The fortifying of European enclaves in la brousse -- the bush or countryside -- reflects not only a lack of confidence in French authorities to assure protection but a growing political and racial polarization between settlers and Kanaks.
The racial aspect of the independence problem is one that many New Caledonians are loath to acknowledge in a racially mixed society that has long prided itself on its harmony. But three months of violent agitation by independence-seeking Kanak militants evidently has driven many of the black tribesmen apart from the broussards, or white settlers, in their midst, with each side accusing the other of racism.
"We've reached a stage where we don't trust any black fellow, which is a shame because there are a lot of good ones around," said Alain Lapelerie. "A lot of people refuse to believe the blacks would hurt them because they had such good relations, but they were bitterly disappointed."
He complained that outsiders "all seem to ignore the fact that the Kanak Socialist National Liberation Front wants black independence. They want us out of here."
For the Kanak militants, families like the Lapeleries, even those who have been in New Caledonia for generations, are "colonists," and sovereignty over the islands rightfully belongs to the indigenous people. Kanak Front leaders have said that the "Europeans" born here and other settlers can stay on in an eventual Kanak-run independent country, but under what circumstances and with what guarantees remain subjects for negotiation.

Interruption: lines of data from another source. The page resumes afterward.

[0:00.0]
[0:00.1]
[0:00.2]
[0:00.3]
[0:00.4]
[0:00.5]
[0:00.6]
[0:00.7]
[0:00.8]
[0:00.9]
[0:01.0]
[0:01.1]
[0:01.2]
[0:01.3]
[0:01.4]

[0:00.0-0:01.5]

Many broussards and other settlers clearly have little faith in the guarantees proposed by the French special envoy, Edgard Pisani, in a plan announced earlier this month to give the territory independence "in association" with France.

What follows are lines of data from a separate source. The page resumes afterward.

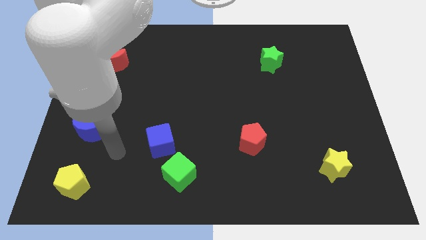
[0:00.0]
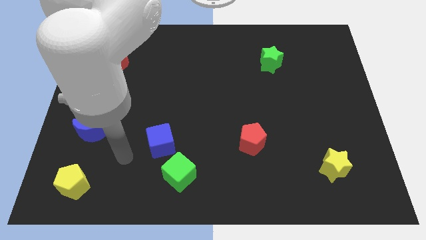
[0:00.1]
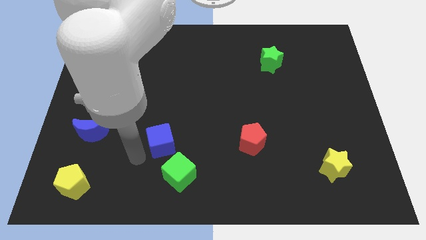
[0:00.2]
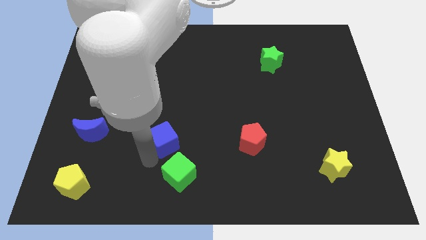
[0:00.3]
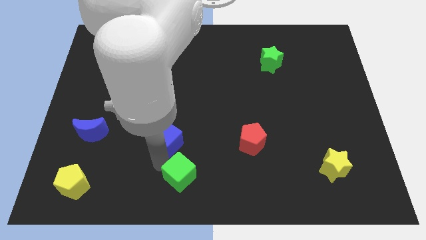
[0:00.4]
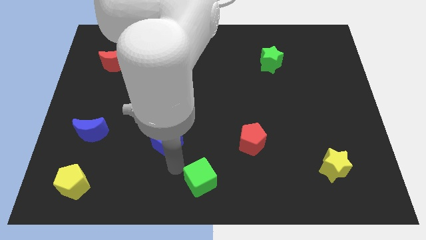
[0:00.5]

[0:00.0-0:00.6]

"How can Pisani give guarantees when he's not even going to be in power?" asked Alain Lapelerie. "Whatever guarantees the French give will be wiped out" under a Kanak-ruled independent state, he asserted.
Nevertheless, the French authorities appear to be trying to reassure settlers like the Lapeleries by posting gendarmes in the area. An observation post manned by several members of an antiterrorist squad has been set up on a hill overlooking the Lapeleries' valley farm, and a unit of the paramilitary Gardes Mobiles checks traffic at a roadblock about half a mile away.
However, according to Lapelerie's father, Andre, who owns the farm, the gendarmes have informed him that they cannot permanently assure security because of the remote location of the property. Therefore, he warned in a tough letter to Pisani last week, he would take the necessary measures himself, would treat any intruder as an "enemy" and would hold Pisani responsible for the consequences.